Low-temperature radiation damage studies in single-walled carbon nanotube bundles by hopping conductance

The paper shows the results of studying radiation defects in single-walled carbon nanotube bundles at low temperatures. The data were obtained in a unique experiment that inseparably combines 1 MeV electron irra-diation at a temperature of-10 K and electrical conductivity measurements over a wide temperature range of 5-300 K. The experiment allowed us to reveal and separate the influence of stable and unstable radiation defects on the electrical properties of SWCNTs. It is shown that the 2D Mott variable range hopping conduction regime exhibits resistance to electron irradiation. The hopping conductivity is the dominant charge transfer mechanism in the temperature range of 5-50 K in both the pristine and irradiated SWCNT samples. It was found that the parameters of hopping transport demonstrate high sensitivity to the introduction and annealing of radiation defects. The low-temperature electron irradiation revealed the possibility of the emergence of an additional conduction channel in the irradiated SWCNTs.

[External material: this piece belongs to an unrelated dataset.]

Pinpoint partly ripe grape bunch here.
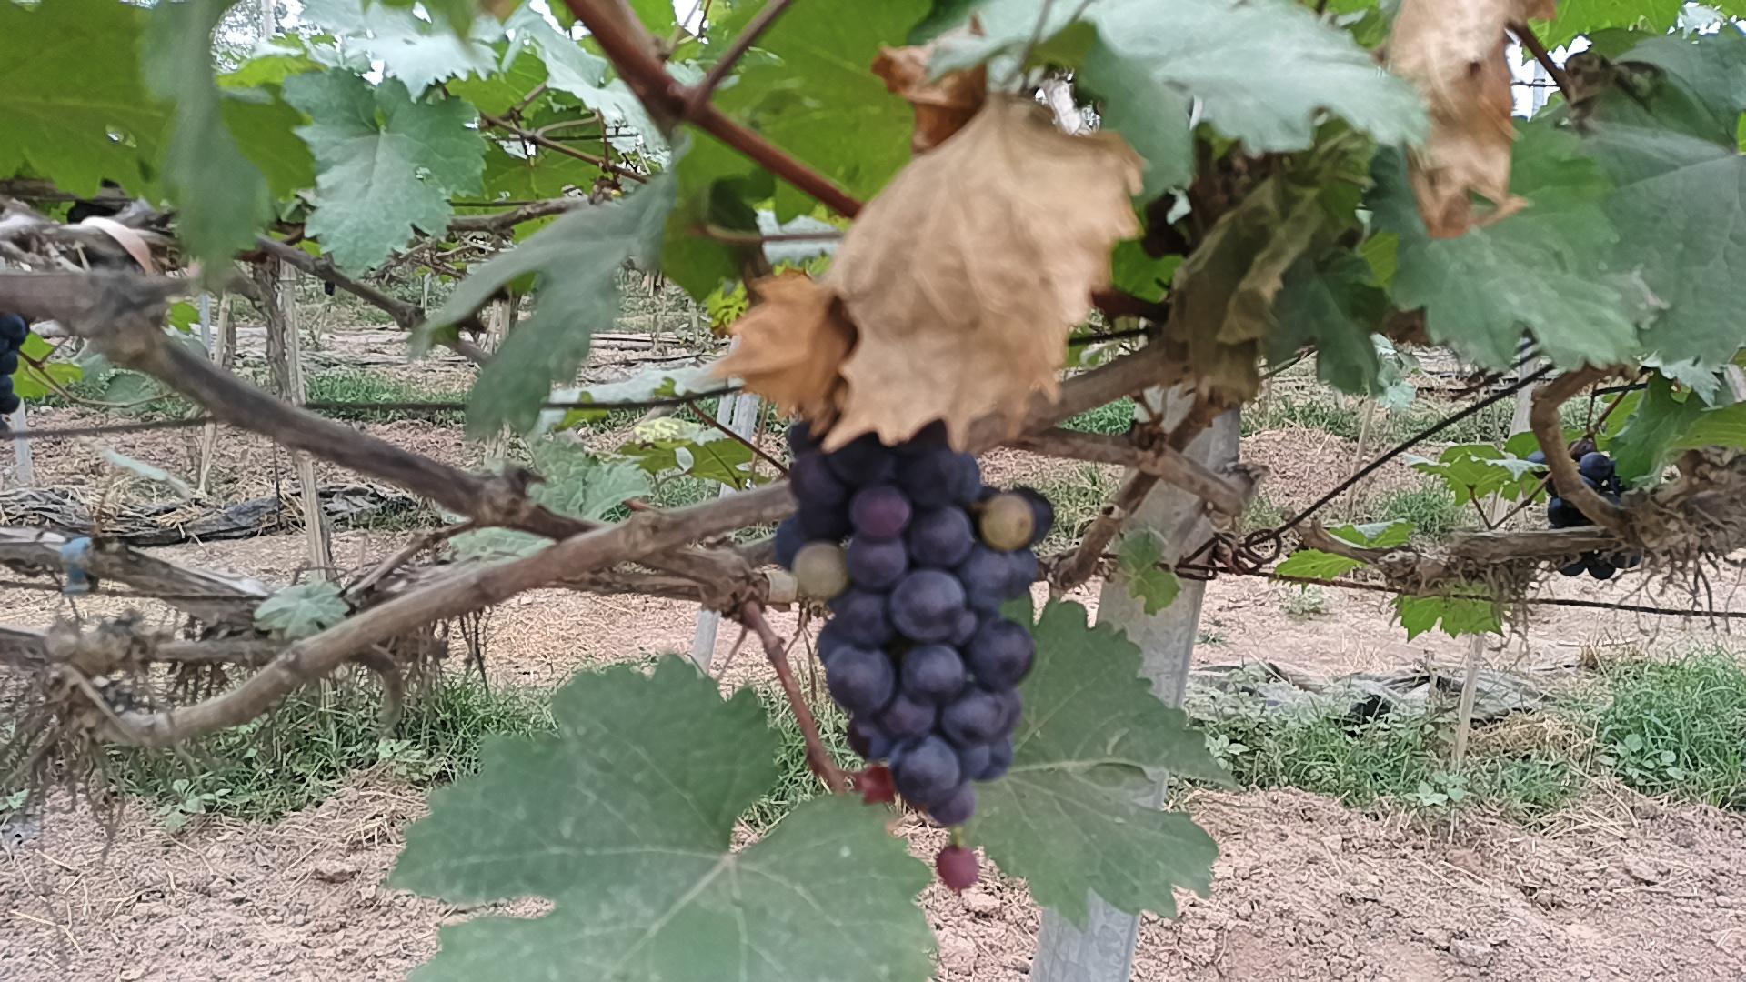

This channel demonstrates thermally activated behavior with a low activation energy of-0.5 meV at temperatures of 5-50 K. The obtained data indicate that unstable radiation defects create conditions for the possibility of impurity band conduction in SWCNT bundles.

Automated summary

The paper presents the results of a study on radiation defects in single-walled carbon nanotube (SWCNT) bundles at low temperatures. The experiment combined 1 MeV electron irradiation and electrical conductivity measurements to investigate the influence of stable and unstable radiation defects on the electrical properties of SWCNTs. It was found that the 2D Mott variable range hopping conduction regime exhibits resistance to electron irradiation.